She expected his petulance today. So why does her chest feel so heavy, as though she carried a great stone around her neck? Going to Windsor—home, where her children live—will lift her spirits, beginning with the ride. The day is fine, although a bit chilly, and her horse steps lively, proud, she imagines, of its new saddle elaborately embroidered with the white roses she loves—her emblem—and studded all around with gold.

“Let’s show you off,” she says, stroking its soft mane. Riding through the neighborhoods of London will also give Eléonore the chance to show off her splendid new gown of blue silk from Paris.

Flanked by knights and seven of her ladies, Eléonore’s horse trots along the broad, tree-lined avenues near the palace where London’s merchants have built elegant mansions in recent years—prompting complaints from the Earl of Gloucester. “Soon they will be wearing silk and calling themselves ‘Sir,’ and the distinctions of nobility will be obscured,” he pouted. A man steps out of his home and bows to her; his tunic, she notes, is not only silk but purple, as well—a color usually worn only by royalty. If only Gloucester were here to see.

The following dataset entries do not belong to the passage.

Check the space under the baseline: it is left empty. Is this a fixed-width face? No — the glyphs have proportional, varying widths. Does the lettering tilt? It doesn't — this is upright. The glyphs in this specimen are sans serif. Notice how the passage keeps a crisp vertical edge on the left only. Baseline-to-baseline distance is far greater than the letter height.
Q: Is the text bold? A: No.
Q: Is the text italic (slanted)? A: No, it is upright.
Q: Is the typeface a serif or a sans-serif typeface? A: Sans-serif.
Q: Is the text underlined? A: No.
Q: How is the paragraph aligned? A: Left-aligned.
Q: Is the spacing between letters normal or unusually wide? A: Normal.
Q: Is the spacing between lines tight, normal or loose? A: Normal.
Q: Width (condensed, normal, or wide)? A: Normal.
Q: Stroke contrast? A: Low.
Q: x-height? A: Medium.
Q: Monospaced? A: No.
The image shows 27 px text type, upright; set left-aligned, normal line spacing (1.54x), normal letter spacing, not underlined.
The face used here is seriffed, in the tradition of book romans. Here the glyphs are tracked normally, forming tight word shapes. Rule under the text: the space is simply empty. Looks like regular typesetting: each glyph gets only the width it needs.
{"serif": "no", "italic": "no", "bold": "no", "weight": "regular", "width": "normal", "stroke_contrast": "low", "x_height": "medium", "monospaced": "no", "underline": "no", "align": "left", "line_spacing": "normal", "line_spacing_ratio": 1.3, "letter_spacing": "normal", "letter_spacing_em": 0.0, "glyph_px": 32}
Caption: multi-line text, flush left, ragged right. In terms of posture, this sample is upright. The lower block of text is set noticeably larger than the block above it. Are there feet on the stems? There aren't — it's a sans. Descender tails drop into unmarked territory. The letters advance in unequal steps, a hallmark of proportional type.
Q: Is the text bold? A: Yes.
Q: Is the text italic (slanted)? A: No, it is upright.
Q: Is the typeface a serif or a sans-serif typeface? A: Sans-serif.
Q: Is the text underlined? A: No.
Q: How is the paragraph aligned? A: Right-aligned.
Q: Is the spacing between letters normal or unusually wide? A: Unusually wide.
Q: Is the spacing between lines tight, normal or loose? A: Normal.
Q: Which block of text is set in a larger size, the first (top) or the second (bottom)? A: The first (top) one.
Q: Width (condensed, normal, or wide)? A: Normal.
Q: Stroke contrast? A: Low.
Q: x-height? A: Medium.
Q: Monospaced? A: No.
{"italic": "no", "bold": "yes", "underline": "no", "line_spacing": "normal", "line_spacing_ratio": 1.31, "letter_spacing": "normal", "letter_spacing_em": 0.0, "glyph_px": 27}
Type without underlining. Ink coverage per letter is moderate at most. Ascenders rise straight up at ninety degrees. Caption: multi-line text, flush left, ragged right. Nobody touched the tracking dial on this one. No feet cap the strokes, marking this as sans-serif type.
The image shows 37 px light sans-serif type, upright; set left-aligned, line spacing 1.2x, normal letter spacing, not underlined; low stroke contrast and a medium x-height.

The knight Sir Thomas turns to her. “We’re approaching Charing, my lady.” The district of London reserved for brothels. “It is no place for a queen.”

To pass around it would delay their arrival at Windsor by an hour. After Henry’s outburst, she yearns for her children’s hugs and kisses; she hungers to hold them in her lap, to hear them say, “I love you.”

“As I am surrounded by knights, I hardly feel endangered by prostitutes and petty thieves,” she says, and quickens her horse’s pace to lead the way down the center of the Charing Road. Perhaps she will spy a baron here, or, better yet, William de Valence, arm in arm with scandal.

The knights crowd around her as the houses change from spacious and light to narrow and dark, houses whose second stories jut so far over the road that they nearly blot out the sky. Behind them, along meager and muddy alleys, ramshackle homes rot into the ground along with piles of food scraps, offal, and excrement wafting an inglorious stench. Eléonore blinks her eyes against the burn. Inside these squalid homes live presumably squalid lives, judging by the children squishing their feet in the dirty muck and the smiling, dirt-matted dogs. A man with hair like cobwebs scrounges for food in the trash heaps, eliciting a tossed coin from Eléonore that he fails to notice. As the procession moves into an
area of shops, the street writhes with activity: Children chase dogs. A young woman sells fruit from a basket. Horses and donkeys pull carts. A boy with Eléonore’s silver coin in his fist jumps over puddles, dodging the grasping hands of the trash heap scavenger. A woman with loose red hair wears the prostitute’s yellow-striped hood, yet looks out of place in a silk-and-ermine robe like the one Eléonore gave to Henry—

“Stop!” She slides off her horse and strides over to the red-haired woman, ignoring the calls of her knights. Her shoes scatter gravel and English mud as she walks,
her
mud, for she and Henry own every inch of ground in the kingdom as well as the mantle on this woman’s back.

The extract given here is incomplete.